Neuwied Castle is the former residential palace of the Counts and Princes of Wied in Neuwied , a district town in northern Rhineland-Palatinate . Until 1806 the castle was the seat of government of the Principality of Wied. The castle is located in the northern part of the inner city of Neuwied in the immediate vicinity of the banks of the Rhine and south of the confluence of the river Wied into the Rhine .

Neuwied Castle is a protected cultural asset under the Hague Convention .

history

City map 1751, on the left the castle with park
Neuwied Castle around 1860, Alexander Duncker collection

Before the castle in Neuwied was built, the Counts of Wied had their ancestral seat at Altwied Castle in the Wiedtal for over 500 years . Because meanwhile the structure of Castle Wied, as it was called back then, began to become dilapidated and the castle and its location no longer met the requirements of the early modern era in military and economic terms, Count Friedrich III decided in the middle of the 17th century . zu Wied to found a new city directly on the banks of the Rhine and to move his seat of power there.
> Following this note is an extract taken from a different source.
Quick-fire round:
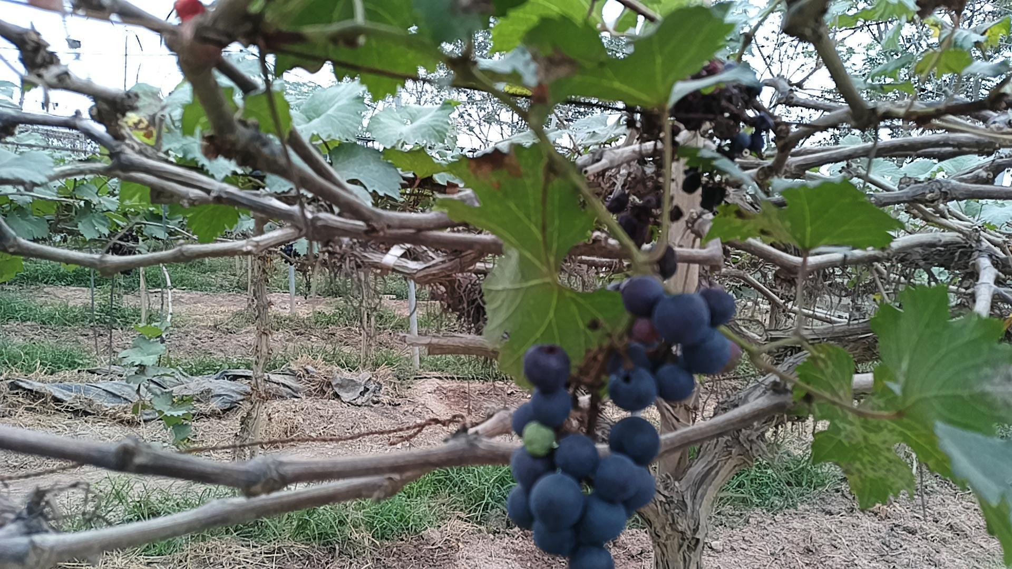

First he began in 1648 with the construction of the Friedrichstein Castle in what is now the Neuwied district of Fahr and a small fortress in Langendorf, which he called "Neuenwied" and was already called the Castle. The village of Langendorf was largely destroyed in the Thirty Years War . At the same time he let Emperor Ferdinand III. the town charter granted to Nordhofen im Westerwald in 1357 , but not realized there, was transferred to the new Neuwied settlement (1653).

Despite its fortification, this first building was set on fire and destroyed by French troops in the Palatinate War of Succession in 1694.

According to plans by the builder Julius Ludwig Rothweil from Nassau-Weilburg, Count Friedrich Wilhelm began to rebuild the residence around 1706 . It was only completed in the years from 1748 to 1756 under Karl Behaghel von Adlerskron from Frankfurt, who from 1757 also built the nearby Wiedische summer residence Schloss Monrepos .

Rothweiler's construction plans provided for a horseshoe system, popular in the German Baroque, based on the model of Versailles . However, the connecting structures envisaged in the initial planning were not carried out, so that three independent buildings were built around the castle courtyard.

The exterior of the main building ( Corps de Logis ) was completed in 1711, the interior in 1713. At the same time, the construction of the two wings began, but they were not completed until around 40 years later. The staircase, the upper vestibule and the ballroom were stuccoed by Giovanni Battista Genone and Eugenio Castelli from 1714 to 1715 . The gate passage and the two guard houses were built in 1719 and 1720. The lions with the coat of arms above the gateway are from the middle of the 18th century.

Right wing, partially destroyed in 1948

In the years 1869 to 1873 the main building was renewed, on the exterior in the form of Rothweiler, on the inside partly in neo-baroque forms. The iron grille closing the courtyard dates from 1887.

The side wings housed utility and storage rooms, a kitchen, wash house, wine press and stables .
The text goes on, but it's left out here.